Start of ntpd, squid and strongswan services takes a bit longer than usual (up to 90 secs on my system). Apart from this everything seems te be okay.
Title: Re: OPNsense 19.1.7 release thread
Post by: Andreas_ on May 03, 2019, 08:51:50 am
removed bind912 for me without installing bind914, posted a github issue.
Title: Re: OPNsense 19.1.7 release thread
Post by: franco on May 03, 2019, 09:38:30 am
The issue is https://github.com/opnsense/update/issues/51 and we're unable to do anthing there as this was a behavioural issue of pkg and FreeBSD ports change carving out bind91X servers and directly linking it to a slave bind-tools package (which holds nsupdate amongst others).

All our plugins update correctly and we can't guess for manual use of transient dependencies.


Cheers,
Franco
Title: Re: OPNsense 19.1.7 release thread
Post by: dinguz on May 03, 2019, 09:46:29 am
In Intrusion Detection > Rules:

Error at /usr/local/opnsense/mvc/app/controllers/OPNsense/IDS/Api/SettingsController.php:137 - count(): Parameter must be an array or an object that implements Countable (errno=2)

also submitted a bug report from the firewall itself.
Title: Re: OPNsense 19.1.7 release thread
Post by: network72 on May 06, 2019, 01:31:17 pm
the same error on IDS section at Alert tab.

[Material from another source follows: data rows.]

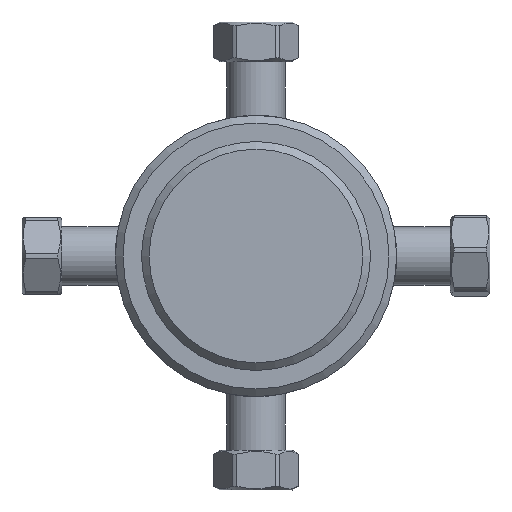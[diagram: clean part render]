
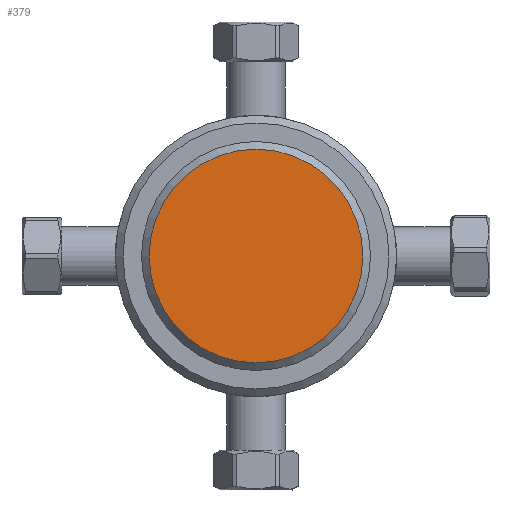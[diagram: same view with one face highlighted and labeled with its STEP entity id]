
A CAD part, left-side view. The second image highlights one B-rep face of the part: STEP entity #379.
In plain terms, the highlighted planar face has unit normal (-1, 0, 0).
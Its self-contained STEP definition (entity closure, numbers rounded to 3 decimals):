
#363=CARTESIAN_POINT('',(0.0,4.755,0.0));
#364=DIRECTION('',(-1.0,0.0,0.0));
#365=DIRECTION('',(0.0,0.0,1.0));
#366=AXIS2_PLACEMENT_3D('',#363,#364,#365);
#367=PLANE('',#366);
#368=CARTESIAN_POINT('',(0.,8.875,0.));
#369=VERTEX_POINT('',#368);
#370=CARTESIAN_POINT('',(0.,0.,0.0));
#371=DIRECTION('',(1.0,0.0,0.0));
#372=DIRECTION('',(0.0,-1.0,0.0));
#373=AXIS2_PLACEMENT_3D('',#370,#371,#372);
#374=CIRCLE('',#373,8.875);
#375=EDGE_CURVE('',#369,#369,#374,.T.);
#376=ORIENTED_EDGE('',*,*,#375,.F.);
#377=EDGE_LOOP('',(#376));
#378=FACE_OUTER_BOUND('',#377,.T.);
#379=ADVANCED_FACE('',(#378),#367,.T.);

Any solution suggested ?

Error at /usr/local/opnsense/mvc/app/controllers/OPNsense/IDS/Api/SettingsController.php:137 - count(): Parameter must be an array or an object that implements Countable (errno=2)
Title: Re: OPNsense 19.1.7 release thread
Post by: Aloist on May 07, 2019, 04:13:19 pm
Updated from 19.1 to 19.1.7 without problem.
Hardware is Dell R410
Title: Re: OPNsense 19.1.7 release thread
Post by: FingerlessGloves on May 07, 2019, 06:46:57 pm
So I upgraded to 19.1.7 from 19.1.6 (Not sure if the problem below is a bug or not)

Rebooted, everything worked expect internet. I could ping other networks, which are on different interfaces etc, so rules are working.

I couldn't ping 1.1.1.1 or 8.8.8.8 on any network, although I could if I went in to OPNsense and set the ping interface to WAN.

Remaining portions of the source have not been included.